Abstract

A new coherent narrow bandwidth extreme ultraviolet (XUV) laser source has been developed that is broadly tunable in the range 10–17 eV with a bandwidth of 0.008 cm−1 and intensities of 108 photons/pulse at 20 Hz. The source is based on two-photon resonance-enhanced sum-frequency mixing in rare gases. To demonstrate its properties, high-resolution photoionization and photoelectron spectra of argon have been recorded in the vicinity of the second, spin-orbit excited ionization threshold (Ar+2P1/2). From the analysis of the autoionization line shapes of the ns′[1/2](J=1) and nd′[3/2](J=1) resonances, reduced linewidths Γr,l=Γl×n*3 of 499.3(46) cm−1 and 28.76(89)×103 cm−1 have been determined for the s′ and d′ series, respectively.

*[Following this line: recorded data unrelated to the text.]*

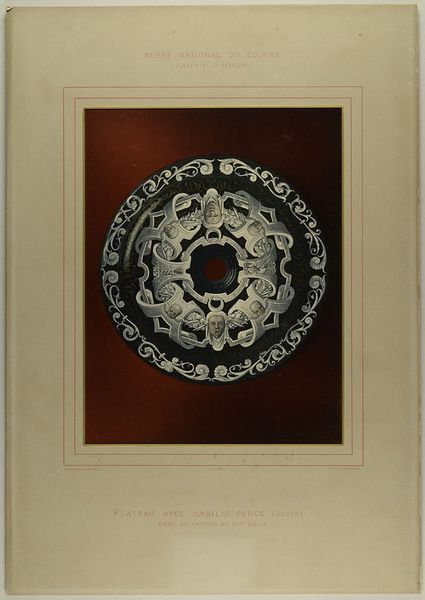
Künstler: Léon Vidal
Standort: Hamburg
Institution: Museum für Kunst und Gewerbe Hamburg
Schlagwörter: papier, foto, fotografie, photographie, photo, kunstgewerbe, kunsthandwerk, verfahren, lichtbild, objektstudie, kunstwerke, sachfotografie, industriedesign, bildwerke, angewandte und bildende kunst, hessische systematik, objektstudien, sachphotographie, reproduktionsfotografie, kunstreproduktion, reproduktionsphotographie, fotochromdruck, orell, füßli, photochromdruck, photochrom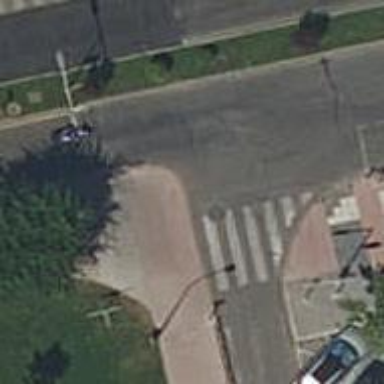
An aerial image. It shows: Uncontrolled crossing on the road.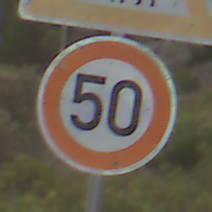
Verkehrszeichen: Geschwindigkeit50
Zusatzzeichen oben: ViehtriebRechts
Umgebung: Outdoor, Nature
Tageszeit: Midday
Wetter: Overcast
Licht: Natural
Jahreszeit: NotSpecified
Kontrast: LowContrast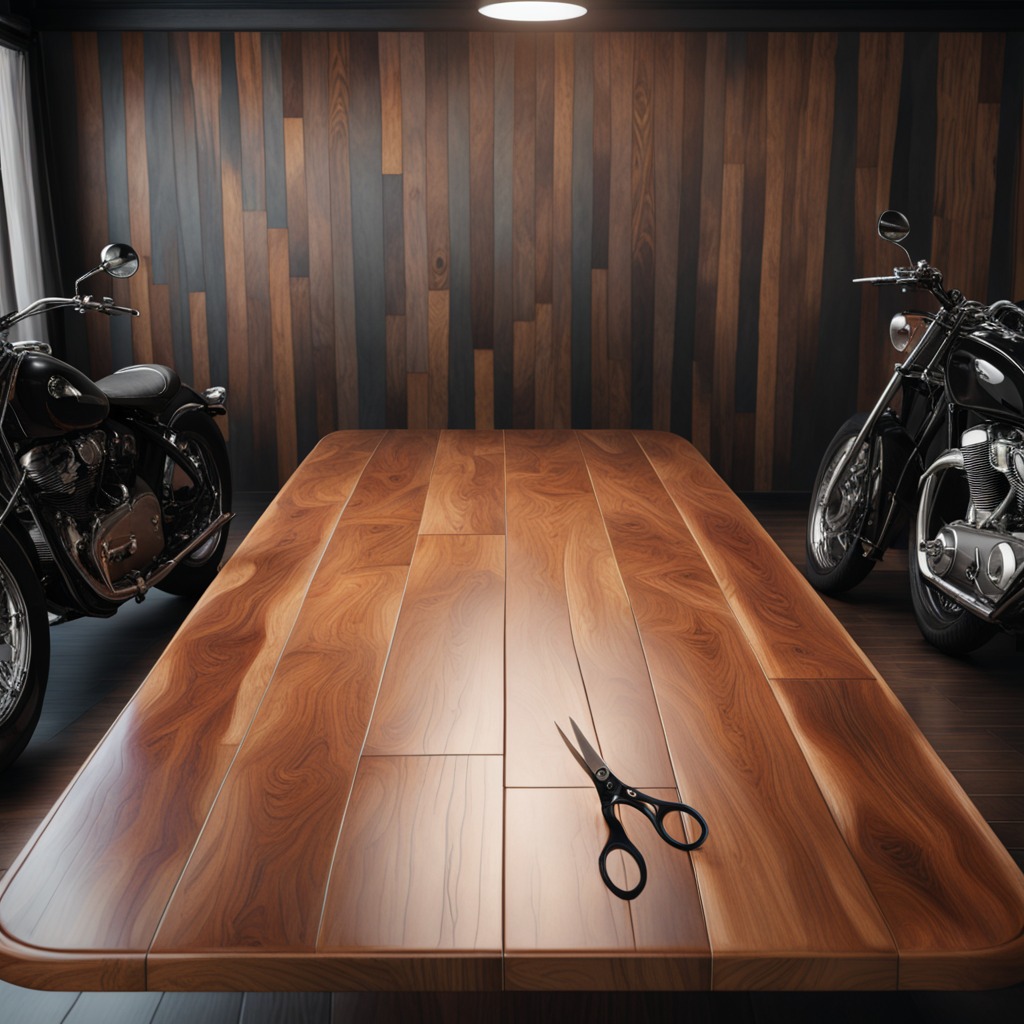
A scissor is lying on the table.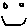
Label: smiley face
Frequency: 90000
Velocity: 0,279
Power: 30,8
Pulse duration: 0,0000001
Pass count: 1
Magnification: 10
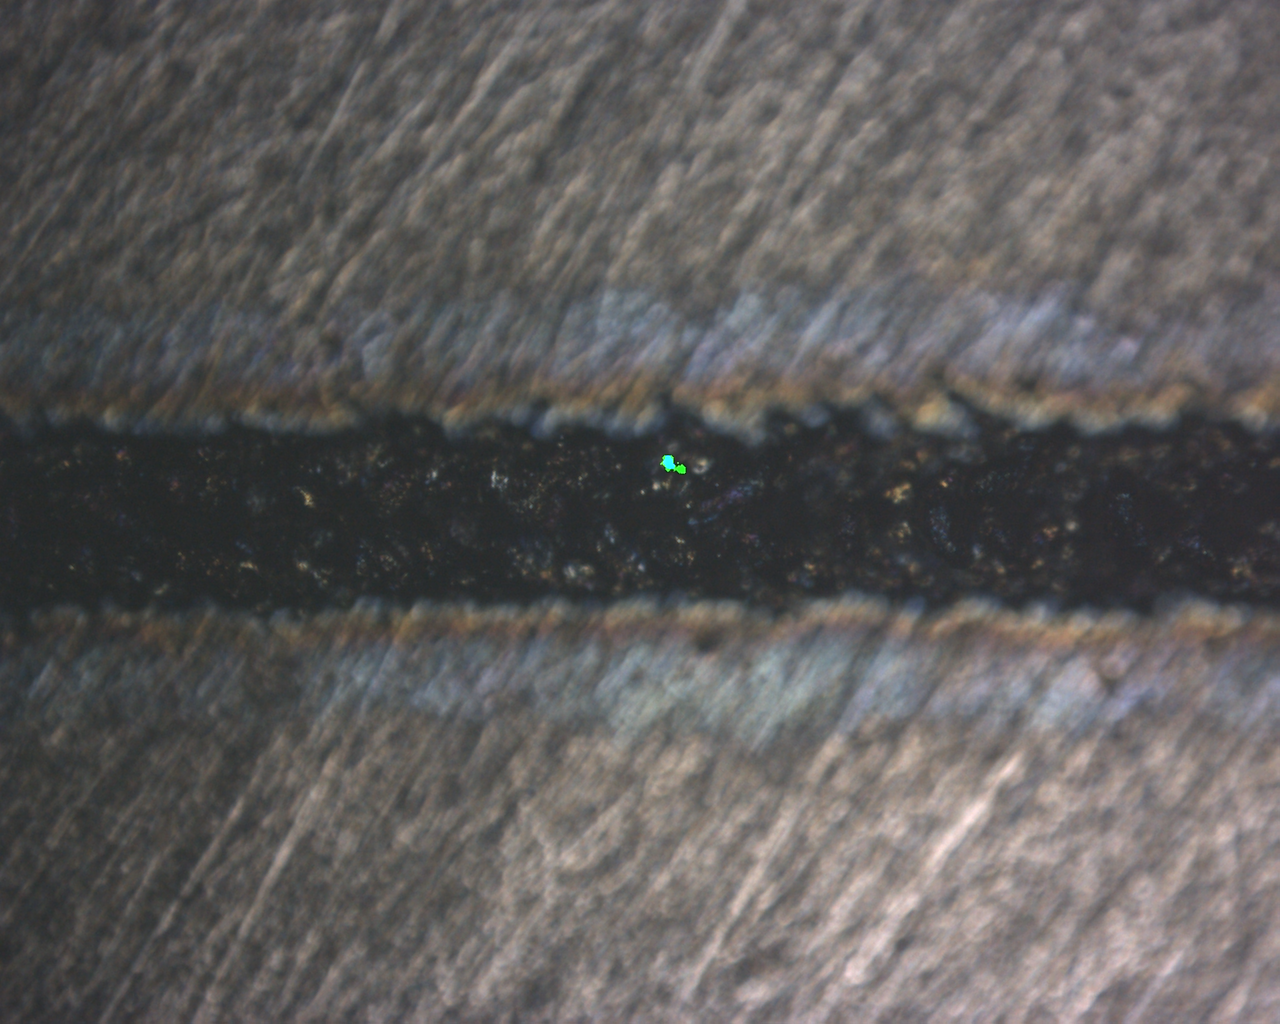
Measured width: 137.076
Other width: 72.494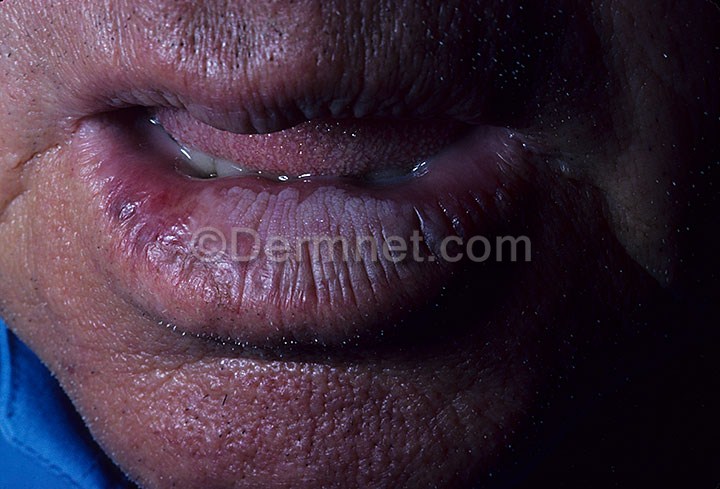
Disease: Actinic Keratosis Basal Cell Carcinoma and other Malignant Lesions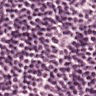
Metastatic tissue present: no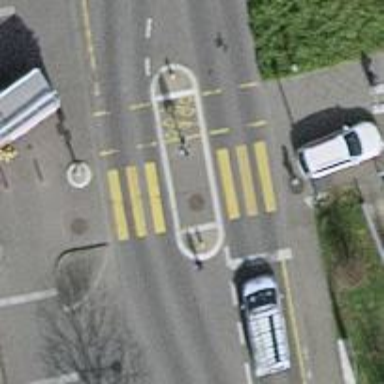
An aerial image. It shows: Road crossing with traffic signals and island.

The results for the ns′[1/2](J=1) series confirm the conclusion reached by Klar et al. [Z. Phys. D 23, 101 (1992)] that earlier single-photon XUV investigations have overestimated the width of these sharp resonances. The narrow bandwidth of the source is also used to accurately determine the range of principal quantum number of the high Rydberg states that are probed by selected electric field ionization sequences in pulsed-field-ionization zero-kinetic-energy photoelectron spectroscopy.